_What the exercise asks_: Give back every line of the material exactly. Skip the pictures.

_Input data_:
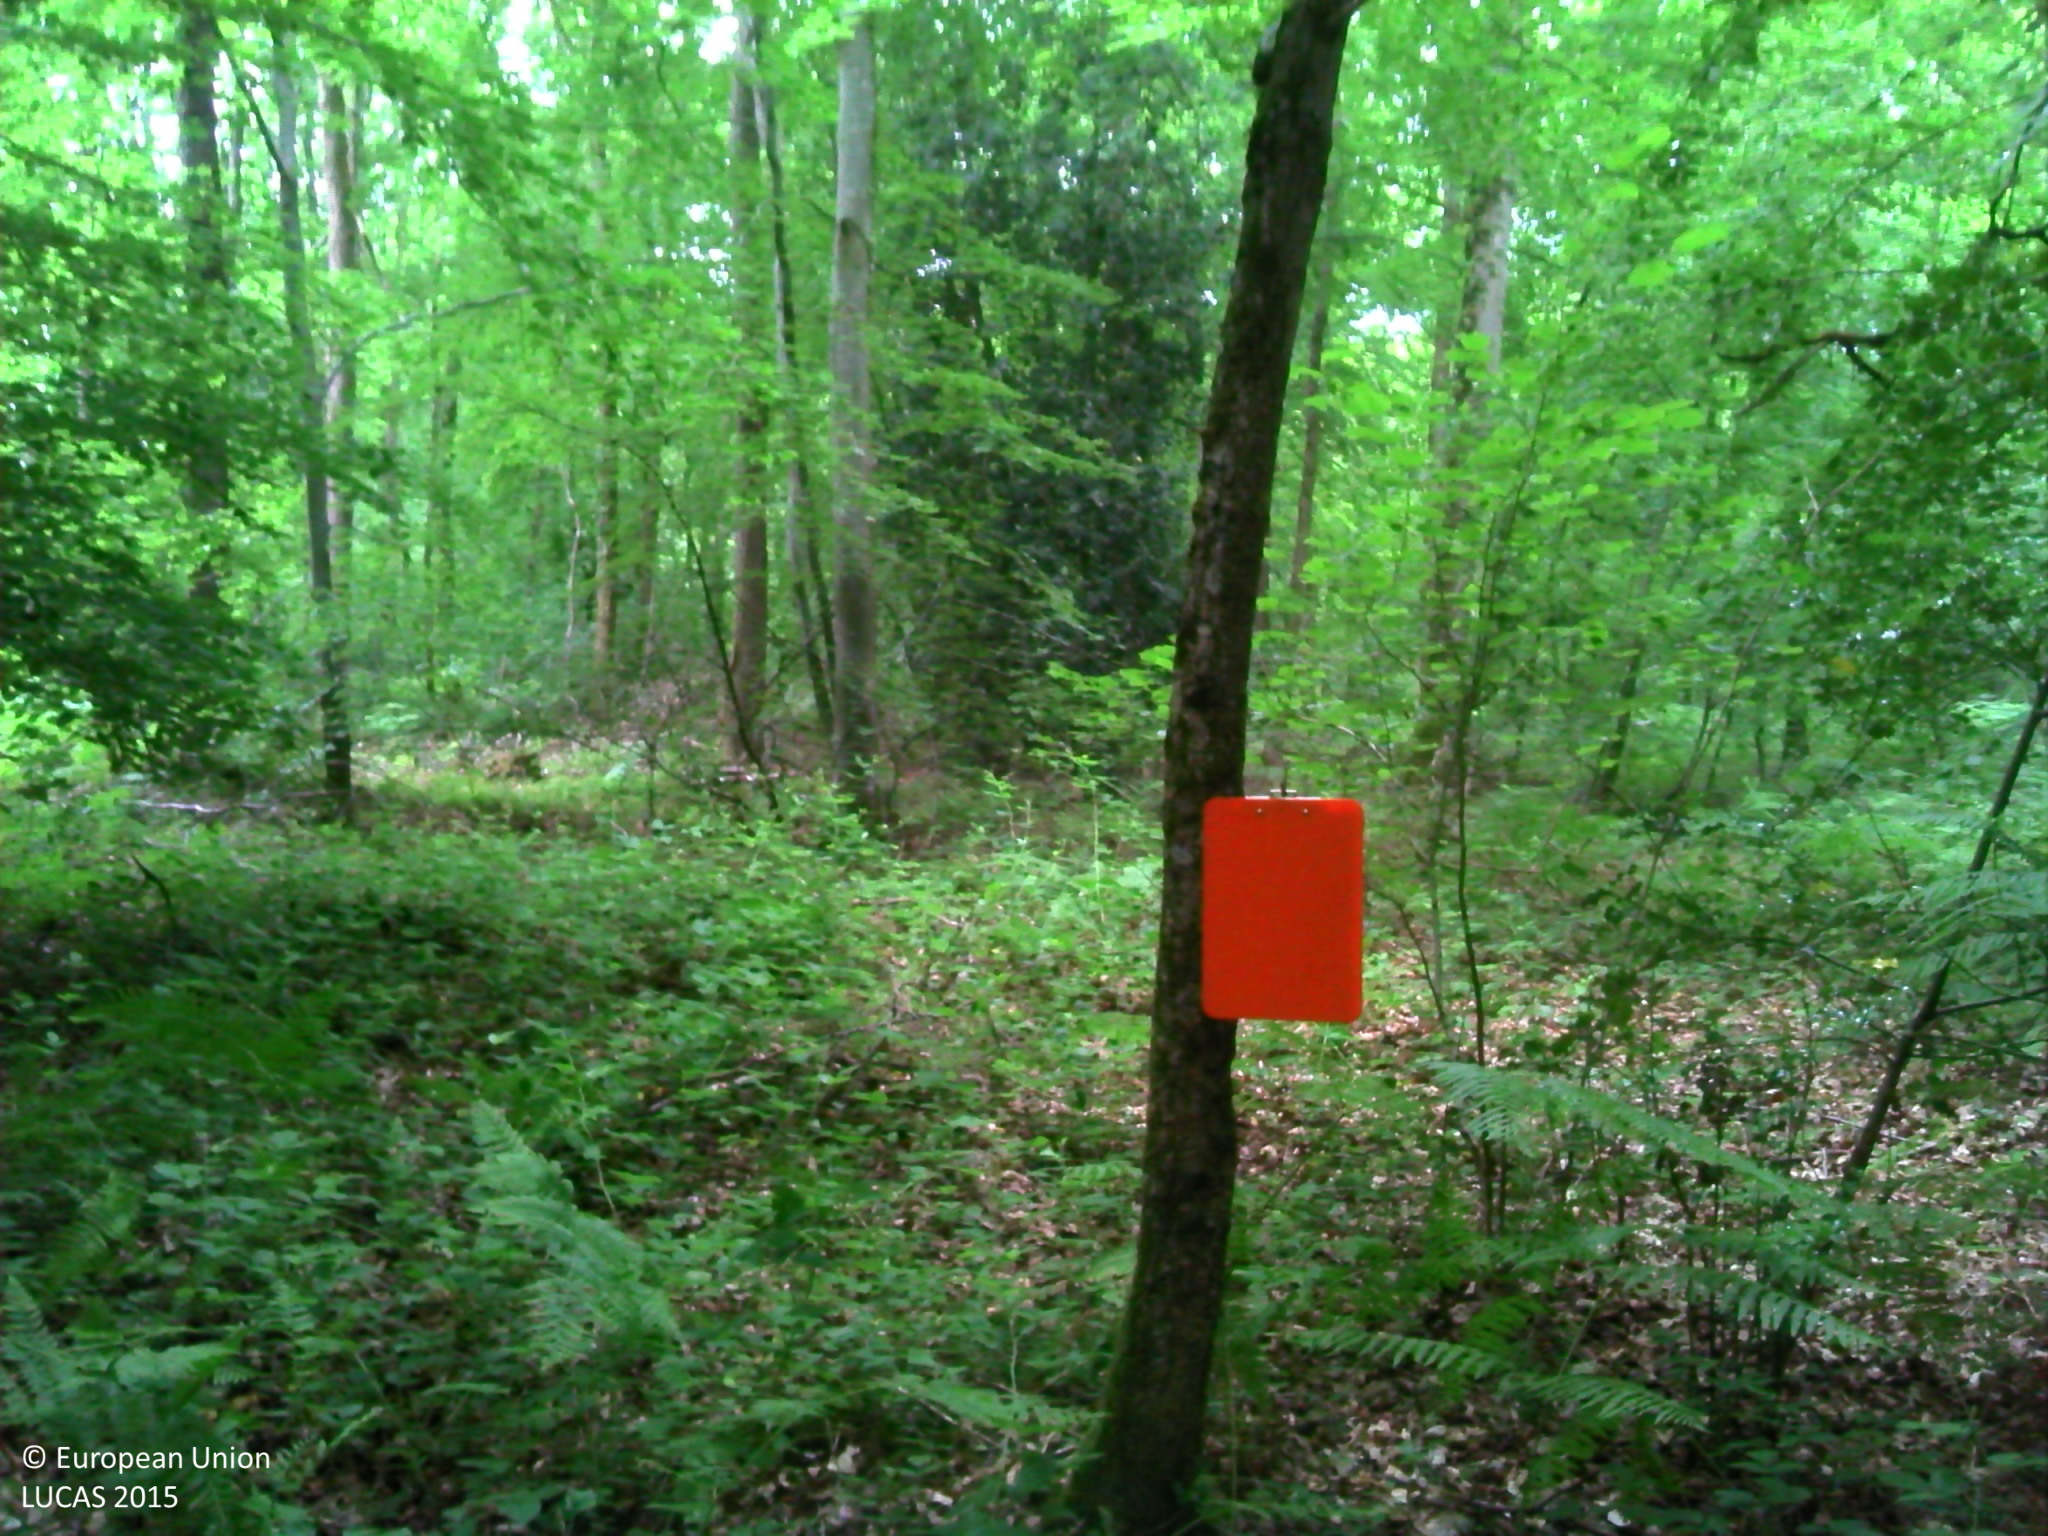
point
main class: Woodland
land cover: Broadleaved woodland
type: acidophilous oak and oak-birch forest
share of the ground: > 75 %
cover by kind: broadleaved forest trees 75 %, coniferous forest trees 10 %, herbaceous plants 10 %, shrubs 5 %
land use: Forestry
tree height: > 5 m
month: July
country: FR
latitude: 48.9345
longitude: 0.0732

_Worked solution_:
point
main class: Woodland
land cover: Broadleaved woodland
type: acidophilous oak and oak-birch forest
share of the ground: > 75 %
cover by kind: broadleaved forest trees 75 %, coniferous forest trees 10 %, herbaceous plants 10 %, shrubs 5 %
land use: Forestry
tree height: > 5 m
month: July
country: FR
latitude: 48.9345
longitude: 0.0732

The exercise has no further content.